[Records from a data collection]
↓↓↓

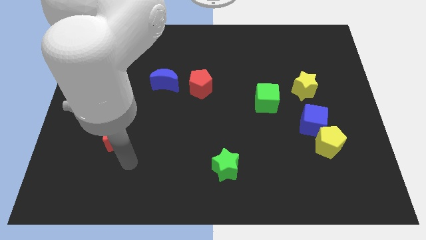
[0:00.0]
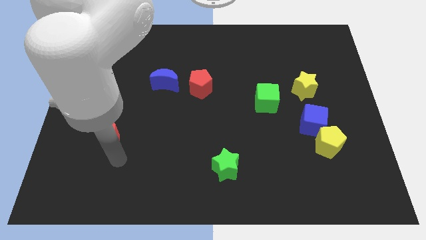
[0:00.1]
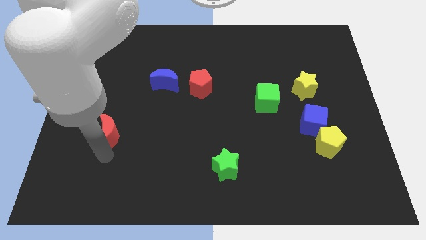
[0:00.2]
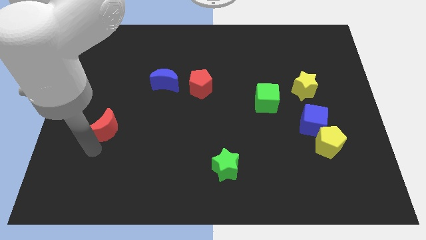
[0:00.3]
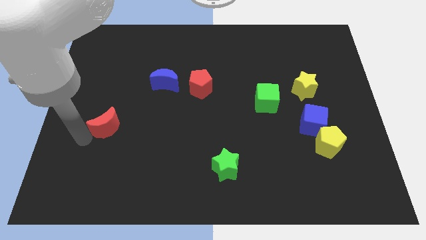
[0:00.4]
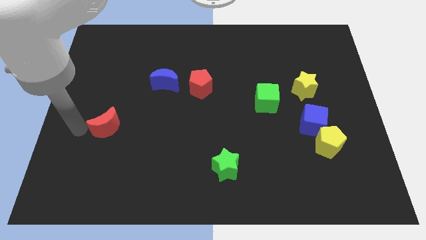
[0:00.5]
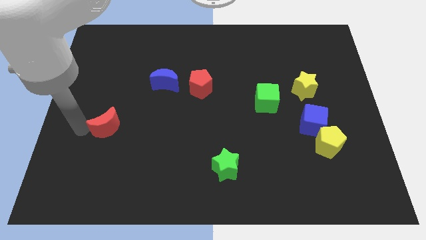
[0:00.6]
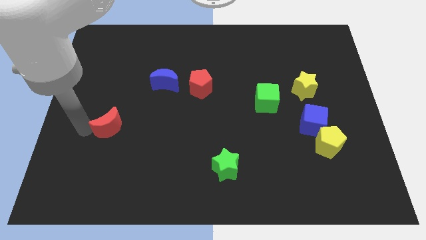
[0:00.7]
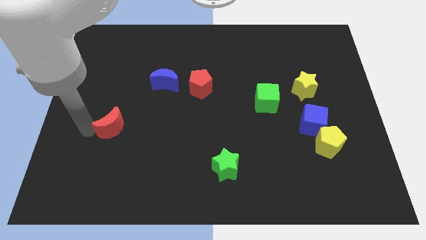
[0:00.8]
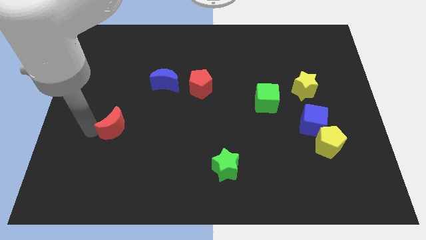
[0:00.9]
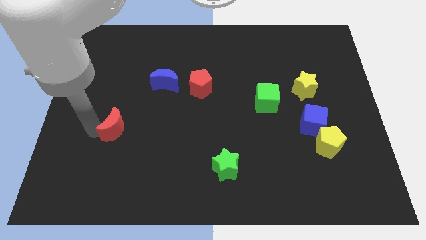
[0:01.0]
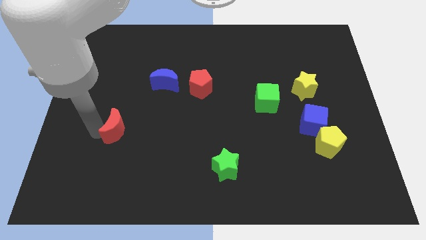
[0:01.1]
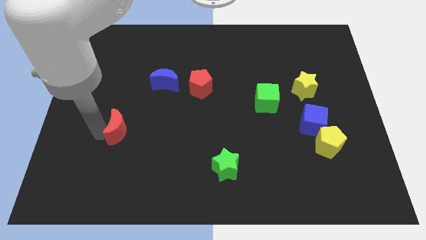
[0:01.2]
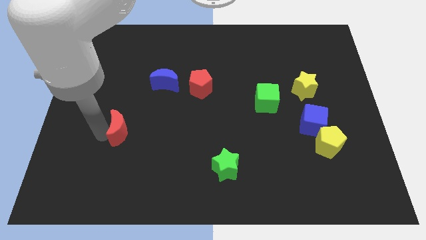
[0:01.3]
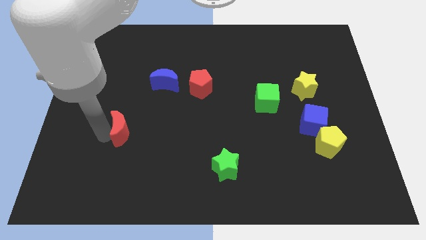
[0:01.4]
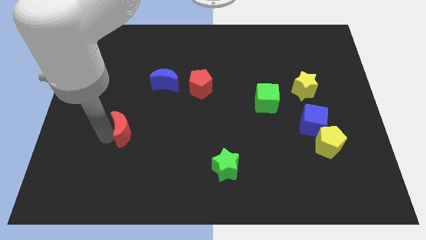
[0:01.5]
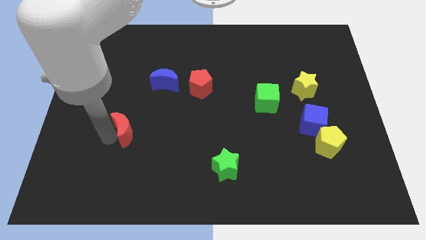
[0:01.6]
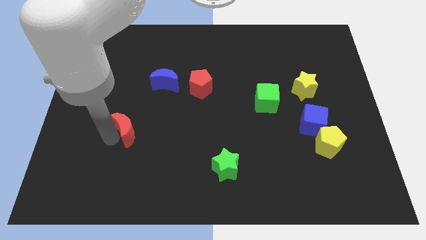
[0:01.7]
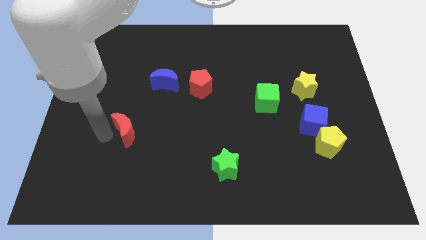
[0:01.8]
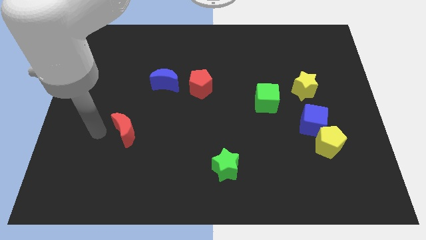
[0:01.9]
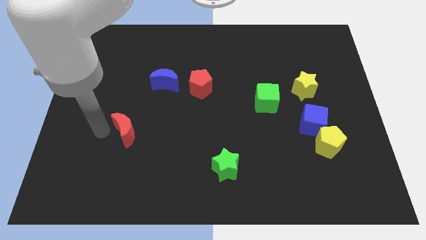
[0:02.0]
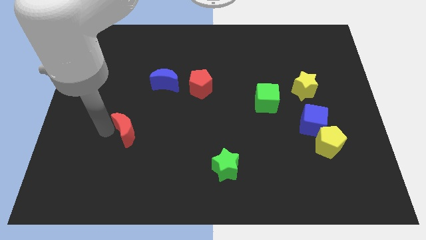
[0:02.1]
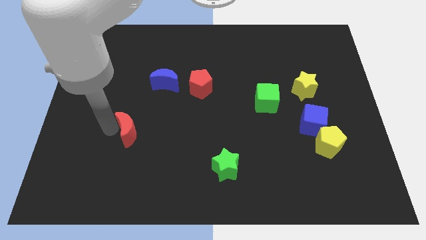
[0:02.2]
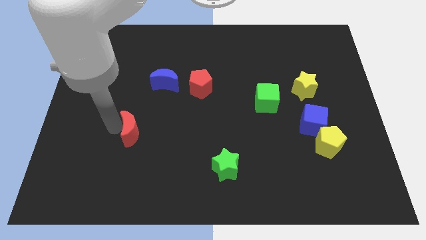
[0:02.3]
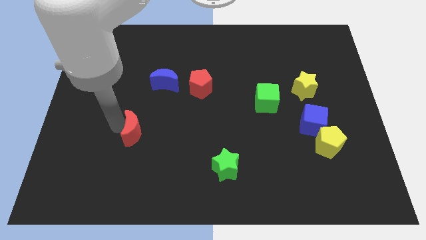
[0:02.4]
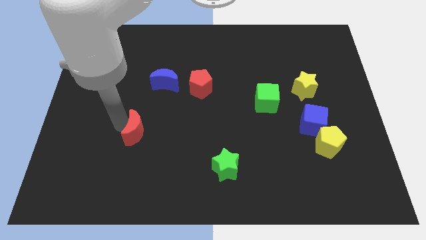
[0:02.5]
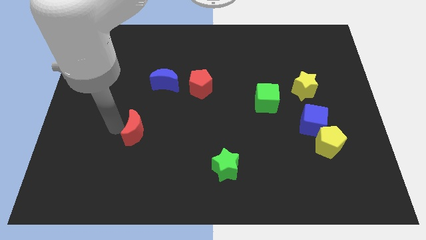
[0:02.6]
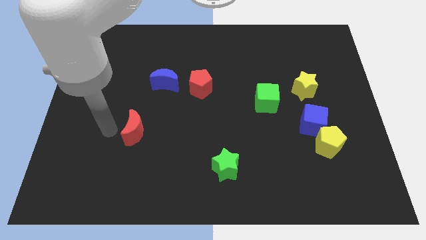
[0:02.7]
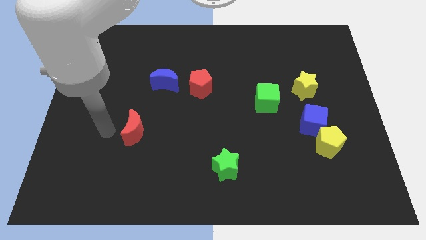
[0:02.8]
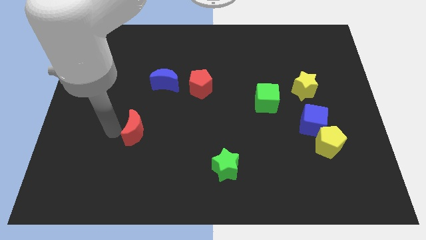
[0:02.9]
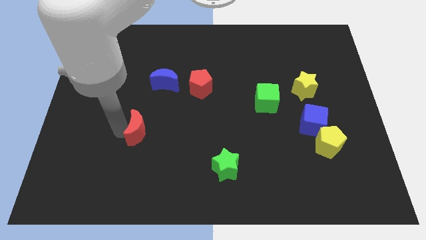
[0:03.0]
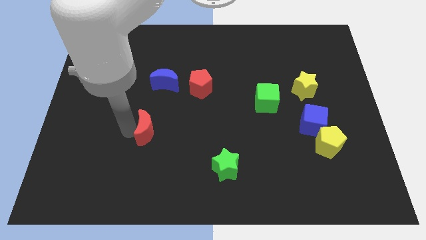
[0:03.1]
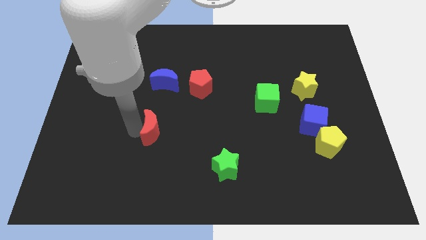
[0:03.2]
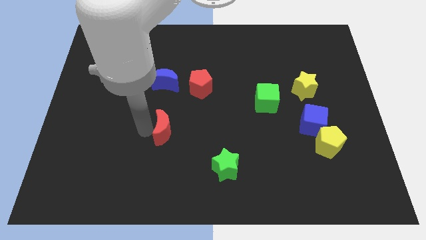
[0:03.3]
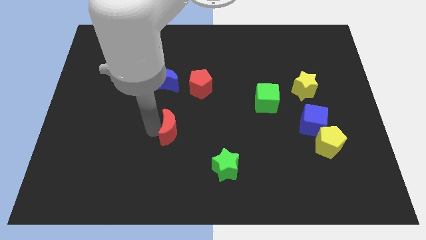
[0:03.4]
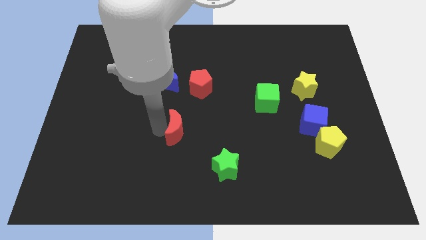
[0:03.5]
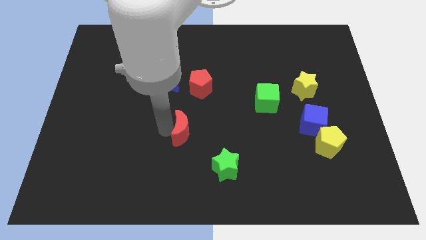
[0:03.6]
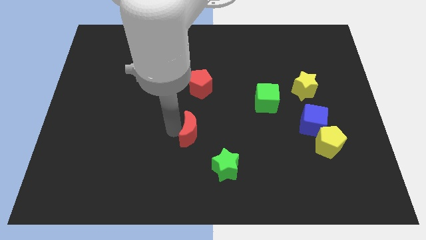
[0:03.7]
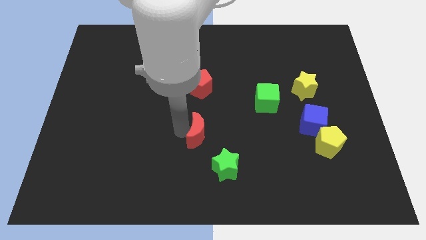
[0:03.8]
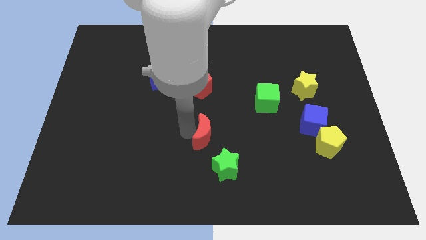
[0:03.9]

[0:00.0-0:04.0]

↑↑↑

* _WORK REQUEST_:
Without the images, write out each line of the data verbatim.

* _RESULT BELOW_:
[0:00.0]
[0:00.1]
[0:00.2]
[0:00.3]
[0:00.4]
[0:00.5]
[0:00.6]
[0:00.7]
[0:00.8]
[0:00.9]
[0:01.0]
[0:01.1]
[0:01.2]
[0:01.3]
[0:01.4]
[0:01.5]
[0:01.6]
[0:01.7]
[0:01.8]
[0:01.9]
[0:02.0]
[0:02.1]
[0:02.2]
[0:02.3]
[0:02.4]
[0:02.5]
[0:02.6]
[0:02.7]
[0:02.8]
[0:02.9]
[0:03.0]
[0:03.1]
[0:03.2]
[0:03.3]
[0:03.4]
[0:03.5]
[0:03.6]
[0:03.7]
[0:03.8]
[0:03.9]

[0:00.0-0:04.0]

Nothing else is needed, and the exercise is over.